■ WHAT YOU WILL DO: How many lines below contain the word "round"? Answer with that number alone.

╭─ DATA SECTION

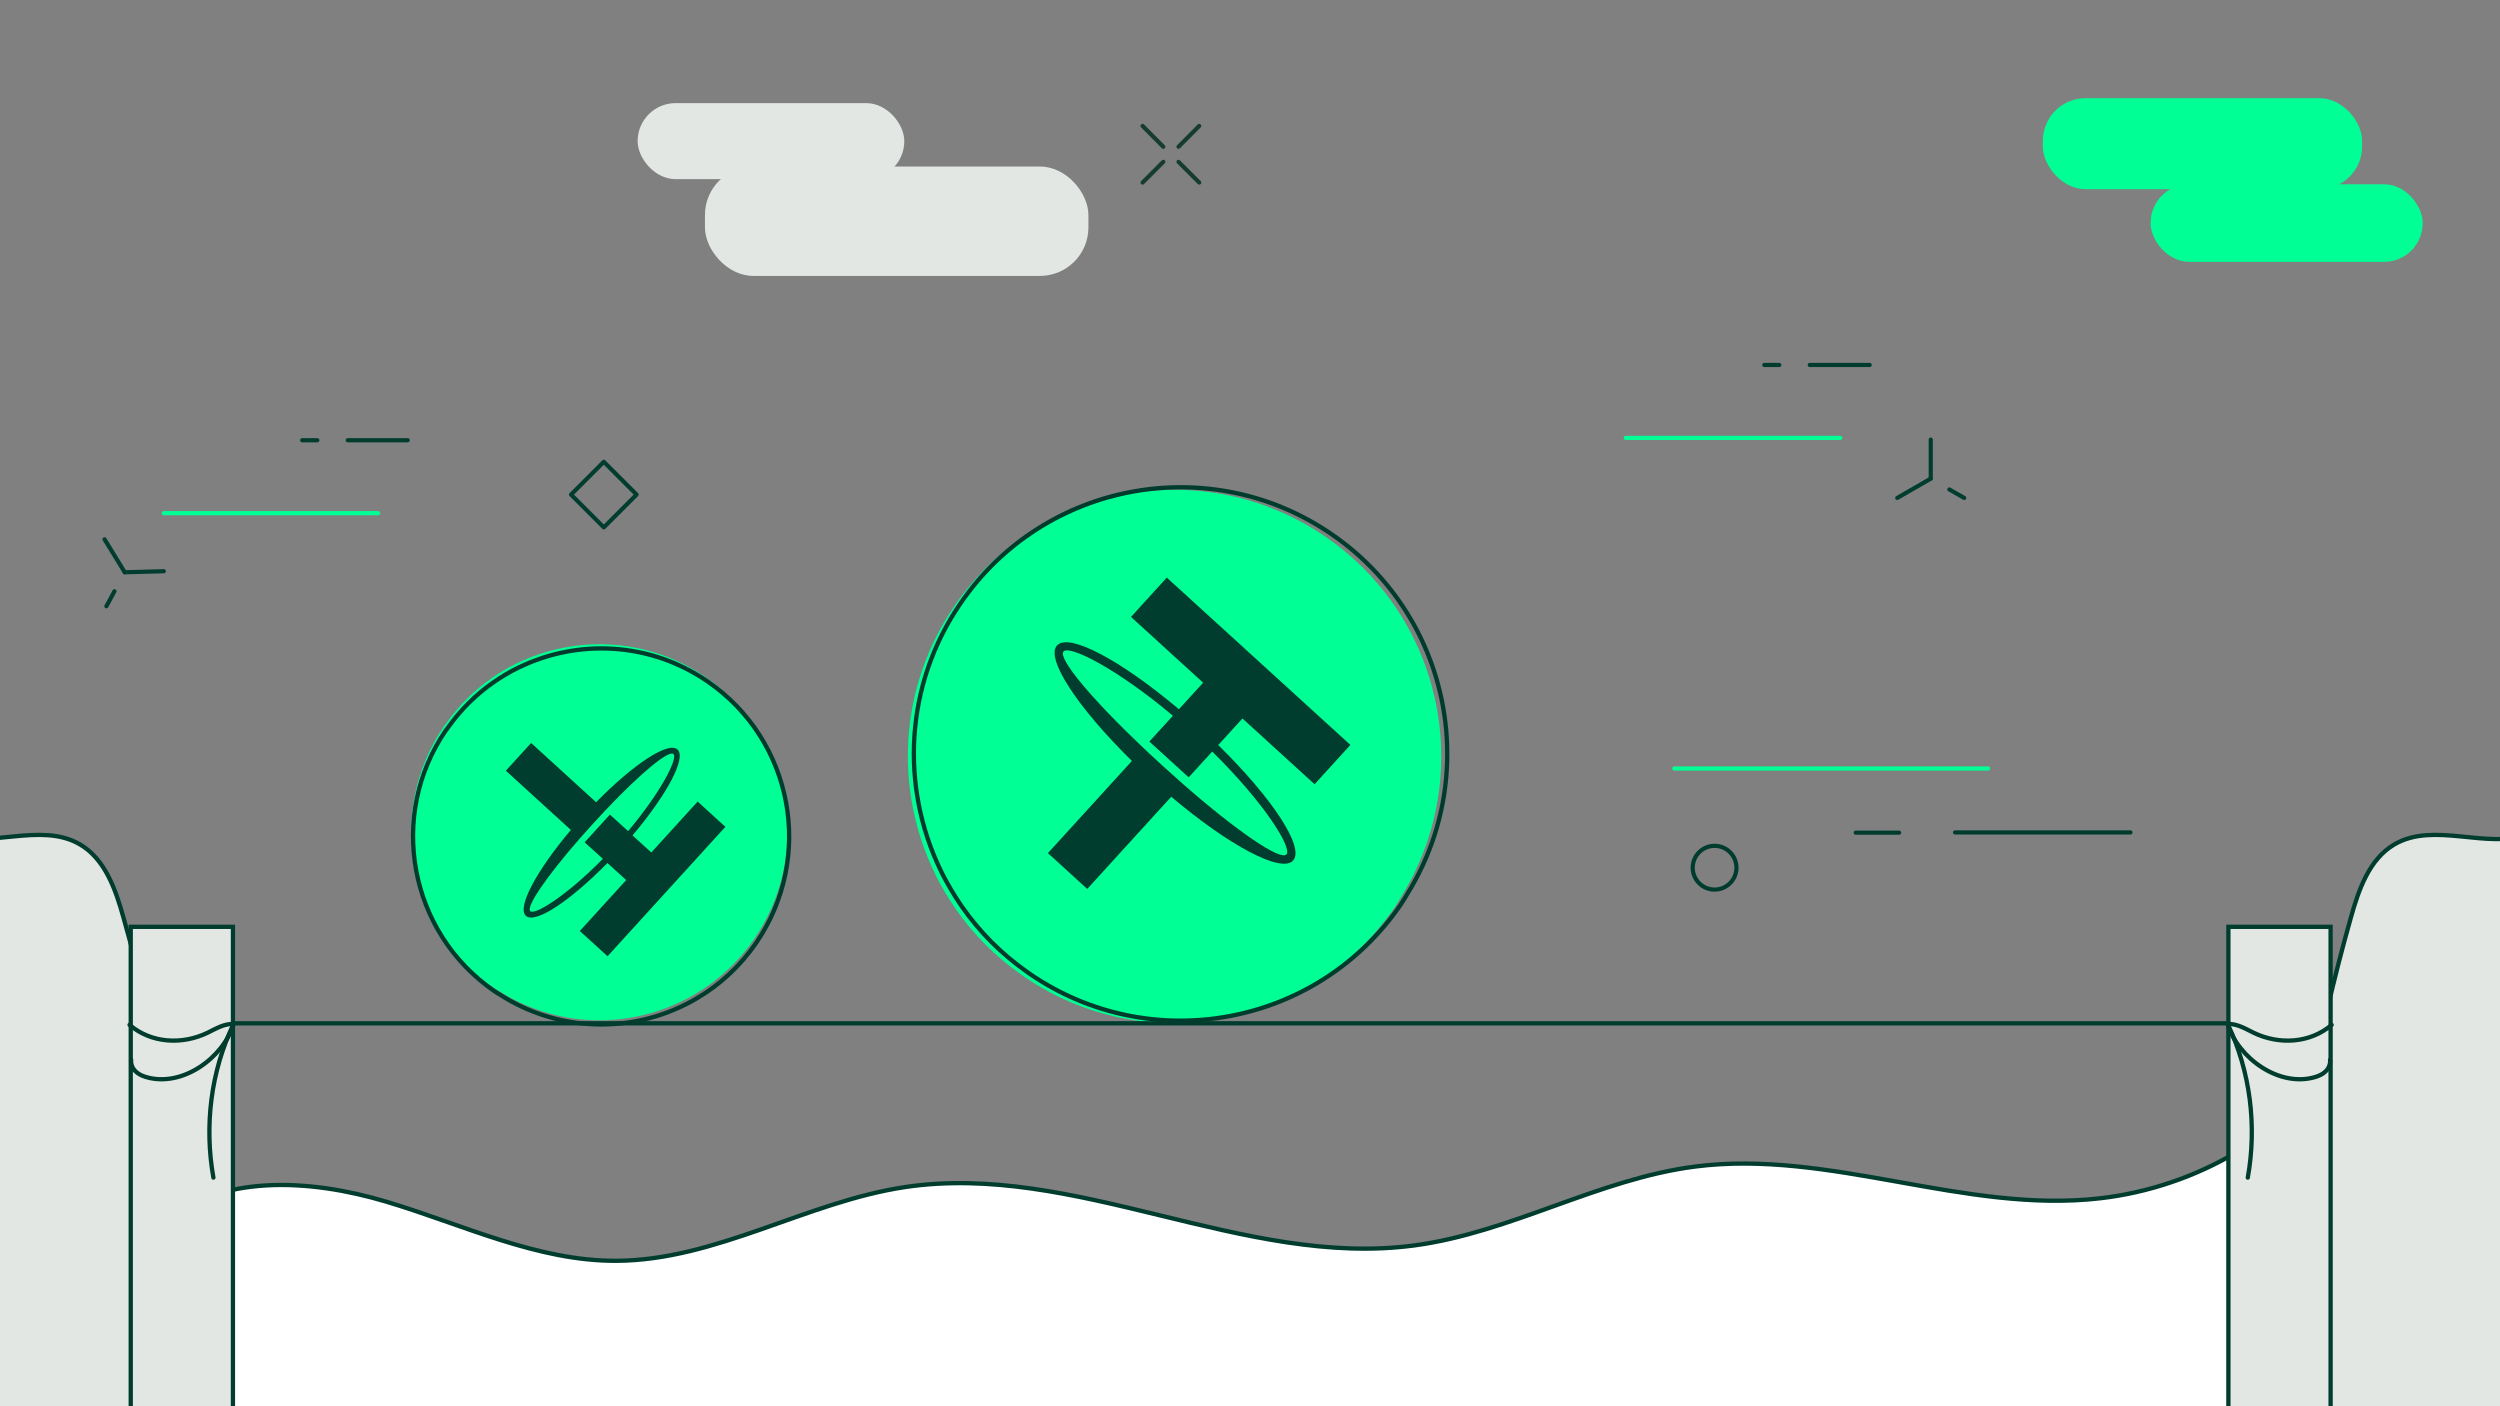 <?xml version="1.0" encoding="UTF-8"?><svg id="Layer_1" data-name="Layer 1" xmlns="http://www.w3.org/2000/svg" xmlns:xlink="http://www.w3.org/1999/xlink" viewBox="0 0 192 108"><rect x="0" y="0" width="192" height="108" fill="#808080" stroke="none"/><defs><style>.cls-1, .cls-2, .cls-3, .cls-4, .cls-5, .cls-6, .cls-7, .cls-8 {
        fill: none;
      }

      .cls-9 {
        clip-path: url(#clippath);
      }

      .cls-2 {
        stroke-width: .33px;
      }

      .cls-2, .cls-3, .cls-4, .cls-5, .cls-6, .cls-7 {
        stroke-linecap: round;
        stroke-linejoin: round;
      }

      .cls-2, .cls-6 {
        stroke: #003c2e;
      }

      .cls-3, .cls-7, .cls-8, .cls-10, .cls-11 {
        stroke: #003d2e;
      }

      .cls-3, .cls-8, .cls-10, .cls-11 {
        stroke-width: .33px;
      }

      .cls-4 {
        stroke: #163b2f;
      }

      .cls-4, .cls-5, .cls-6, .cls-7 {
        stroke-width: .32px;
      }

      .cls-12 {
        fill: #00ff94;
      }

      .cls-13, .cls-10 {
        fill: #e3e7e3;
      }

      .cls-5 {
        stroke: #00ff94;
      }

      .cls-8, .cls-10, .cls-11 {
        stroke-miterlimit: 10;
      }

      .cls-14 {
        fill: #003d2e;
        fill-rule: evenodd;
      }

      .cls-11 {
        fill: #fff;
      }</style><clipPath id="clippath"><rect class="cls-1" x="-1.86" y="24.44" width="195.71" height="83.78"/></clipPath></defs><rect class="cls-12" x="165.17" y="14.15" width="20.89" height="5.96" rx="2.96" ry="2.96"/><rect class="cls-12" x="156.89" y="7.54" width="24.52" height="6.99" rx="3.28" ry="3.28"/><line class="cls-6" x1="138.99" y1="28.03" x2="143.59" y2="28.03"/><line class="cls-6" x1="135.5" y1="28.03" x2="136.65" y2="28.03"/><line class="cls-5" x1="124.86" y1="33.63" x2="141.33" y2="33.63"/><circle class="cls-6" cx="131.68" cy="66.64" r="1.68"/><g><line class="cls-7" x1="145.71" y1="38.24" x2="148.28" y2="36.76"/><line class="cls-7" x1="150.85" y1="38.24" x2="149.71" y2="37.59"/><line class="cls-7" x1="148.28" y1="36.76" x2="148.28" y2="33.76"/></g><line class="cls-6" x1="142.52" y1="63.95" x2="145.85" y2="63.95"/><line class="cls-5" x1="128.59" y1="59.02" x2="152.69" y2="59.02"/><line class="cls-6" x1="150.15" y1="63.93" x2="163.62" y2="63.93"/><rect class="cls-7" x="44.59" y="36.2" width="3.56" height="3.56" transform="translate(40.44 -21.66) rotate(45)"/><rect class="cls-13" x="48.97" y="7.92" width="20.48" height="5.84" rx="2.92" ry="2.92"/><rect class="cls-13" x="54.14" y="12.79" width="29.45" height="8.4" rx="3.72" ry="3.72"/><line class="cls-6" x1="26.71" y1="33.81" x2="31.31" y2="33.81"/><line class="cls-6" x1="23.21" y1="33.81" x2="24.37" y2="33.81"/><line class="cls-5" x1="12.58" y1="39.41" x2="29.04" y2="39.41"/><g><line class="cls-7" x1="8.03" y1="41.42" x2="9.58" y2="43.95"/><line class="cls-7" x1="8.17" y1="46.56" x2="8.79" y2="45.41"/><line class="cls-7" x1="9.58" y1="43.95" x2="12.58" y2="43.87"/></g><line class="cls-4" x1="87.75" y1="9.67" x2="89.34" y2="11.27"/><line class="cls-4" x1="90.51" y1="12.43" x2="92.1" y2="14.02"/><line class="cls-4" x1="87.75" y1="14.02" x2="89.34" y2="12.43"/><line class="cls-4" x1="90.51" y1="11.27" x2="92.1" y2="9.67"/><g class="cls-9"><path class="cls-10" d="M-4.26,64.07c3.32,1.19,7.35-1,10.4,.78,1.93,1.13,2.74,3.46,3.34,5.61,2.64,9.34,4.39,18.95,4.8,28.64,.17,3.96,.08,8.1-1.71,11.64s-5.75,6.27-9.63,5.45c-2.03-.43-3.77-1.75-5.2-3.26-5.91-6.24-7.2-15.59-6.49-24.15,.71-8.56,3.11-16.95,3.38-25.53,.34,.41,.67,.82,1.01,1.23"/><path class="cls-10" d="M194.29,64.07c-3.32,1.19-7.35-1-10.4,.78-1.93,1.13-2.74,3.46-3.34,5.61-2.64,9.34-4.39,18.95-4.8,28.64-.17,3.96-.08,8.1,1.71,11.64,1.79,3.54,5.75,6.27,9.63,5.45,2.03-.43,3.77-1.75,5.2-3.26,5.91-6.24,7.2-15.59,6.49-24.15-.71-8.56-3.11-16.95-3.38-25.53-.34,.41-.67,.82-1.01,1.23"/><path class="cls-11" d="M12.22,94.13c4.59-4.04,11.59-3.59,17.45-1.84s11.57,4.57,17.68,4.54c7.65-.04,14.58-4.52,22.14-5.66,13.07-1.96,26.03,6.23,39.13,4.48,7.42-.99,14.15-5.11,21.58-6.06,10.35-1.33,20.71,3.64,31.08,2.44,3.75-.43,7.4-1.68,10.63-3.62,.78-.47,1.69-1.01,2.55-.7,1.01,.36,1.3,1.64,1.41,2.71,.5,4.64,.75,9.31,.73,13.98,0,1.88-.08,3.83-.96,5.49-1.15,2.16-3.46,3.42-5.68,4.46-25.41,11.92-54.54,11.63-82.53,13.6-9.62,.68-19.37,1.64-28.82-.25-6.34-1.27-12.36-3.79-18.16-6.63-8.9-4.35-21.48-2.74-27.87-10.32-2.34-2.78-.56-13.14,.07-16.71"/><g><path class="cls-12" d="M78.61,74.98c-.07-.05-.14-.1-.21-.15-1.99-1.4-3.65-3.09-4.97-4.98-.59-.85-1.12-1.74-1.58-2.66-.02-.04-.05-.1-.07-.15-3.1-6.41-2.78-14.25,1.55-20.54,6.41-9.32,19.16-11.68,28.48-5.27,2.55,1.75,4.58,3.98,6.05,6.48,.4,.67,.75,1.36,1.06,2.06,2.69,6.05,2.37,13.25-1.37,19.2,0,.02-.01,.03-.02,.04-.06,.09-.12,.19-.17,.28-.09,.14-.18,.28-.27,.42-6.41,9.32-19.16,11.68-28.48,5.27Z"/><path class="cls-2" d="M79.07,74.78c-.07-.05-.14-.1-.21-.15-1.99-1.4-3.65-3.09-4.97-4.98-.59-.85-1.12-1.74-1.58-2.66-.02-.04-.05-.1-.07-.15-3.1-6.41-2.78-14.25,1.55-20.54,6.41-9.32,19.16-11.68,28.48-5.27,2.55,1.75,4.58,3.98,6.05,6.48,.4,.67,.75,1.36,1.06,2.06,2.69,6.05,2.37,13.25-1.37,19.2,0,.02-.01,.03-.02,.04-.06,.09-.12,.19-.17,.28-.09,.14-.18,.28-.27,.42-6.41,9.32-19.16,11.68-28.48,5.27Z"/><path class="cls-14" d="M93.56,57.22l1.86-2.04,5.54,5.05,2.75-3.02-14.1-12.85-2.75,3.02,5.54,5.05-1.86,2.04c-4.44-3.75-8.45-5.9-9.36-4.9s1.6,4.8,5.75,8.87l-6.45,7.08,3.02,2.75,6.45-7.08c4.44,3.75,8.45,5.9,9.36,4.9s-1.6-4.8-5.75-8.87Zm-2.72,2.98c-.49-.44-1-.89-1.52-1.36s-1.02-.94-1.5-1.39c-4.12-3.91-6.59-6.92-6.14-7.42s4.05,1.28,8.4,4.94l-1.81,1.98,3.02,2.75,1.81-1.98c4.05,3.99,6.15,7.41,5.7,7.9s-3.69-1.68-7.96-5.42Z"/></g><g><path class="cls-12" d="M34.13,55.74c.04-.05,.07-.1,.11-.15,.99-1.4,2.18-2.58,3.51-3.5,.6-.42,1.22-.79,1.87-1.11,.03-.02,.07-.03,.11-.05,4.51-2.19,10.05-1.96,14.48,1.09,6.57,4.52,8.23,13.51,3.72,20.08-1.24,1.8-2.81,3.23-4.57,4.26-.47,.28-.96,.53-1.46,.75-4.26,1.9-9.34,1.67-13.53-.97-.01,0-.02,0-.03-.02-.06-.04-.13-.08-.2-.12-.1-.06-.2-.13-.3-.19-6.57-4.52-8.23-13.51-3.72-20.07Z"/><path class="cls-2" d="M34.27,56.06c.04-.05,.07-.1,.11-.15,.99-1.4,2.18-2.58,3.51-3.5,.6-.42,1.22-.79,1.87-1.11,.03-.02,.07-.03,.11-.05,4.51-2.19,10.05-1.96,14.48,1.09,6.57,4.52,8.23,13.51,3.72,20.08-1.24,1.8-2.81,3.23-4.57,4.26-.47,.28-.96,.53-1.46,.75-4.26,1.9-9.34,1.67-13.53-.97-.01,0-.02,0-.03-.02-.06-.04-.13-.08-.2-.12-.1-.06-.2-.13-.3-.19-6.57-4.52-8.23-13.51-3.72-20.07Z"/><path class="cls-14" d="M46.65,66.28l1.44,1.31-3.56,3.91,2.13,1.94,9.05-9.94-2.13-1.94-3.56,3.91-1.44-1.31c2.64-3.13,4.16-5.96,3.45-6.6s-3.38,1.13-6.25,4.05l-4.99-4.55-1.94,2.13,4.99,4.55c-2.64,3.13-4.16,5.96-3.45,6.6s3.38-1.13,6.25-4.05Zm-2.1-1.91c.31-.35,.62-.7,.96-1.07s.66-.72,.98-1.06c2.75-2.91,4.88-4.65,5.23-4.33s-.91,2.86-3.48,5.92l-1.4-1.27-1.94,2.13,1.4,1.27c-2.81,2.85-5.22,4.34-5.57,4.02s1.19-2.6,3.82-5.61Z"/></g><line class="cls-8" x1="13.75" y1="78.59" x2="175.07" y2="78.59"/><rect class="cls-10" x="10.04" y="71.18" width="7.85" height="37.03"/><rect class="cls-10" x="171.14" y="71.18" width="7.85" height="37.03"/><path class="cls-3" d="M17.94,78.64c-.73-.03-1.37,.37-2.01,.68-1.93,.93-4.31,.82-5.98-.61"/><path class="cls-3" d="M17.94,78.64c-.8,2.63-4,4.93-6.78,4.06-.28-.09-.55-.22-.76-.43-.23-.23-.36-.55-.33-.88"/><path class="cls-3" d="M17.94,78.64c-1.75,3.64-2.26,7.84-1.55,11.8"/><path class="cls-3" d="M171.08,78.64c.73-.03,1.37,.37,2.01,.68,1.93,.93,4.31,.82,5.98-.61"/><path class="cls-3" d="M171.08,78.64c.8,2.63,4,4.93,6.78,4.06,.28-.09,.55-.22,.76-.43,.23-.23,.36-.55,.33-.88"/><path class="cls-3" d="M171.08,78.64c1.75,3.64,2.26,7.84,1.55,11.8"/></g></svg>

╰─

■ OUTPUT: 2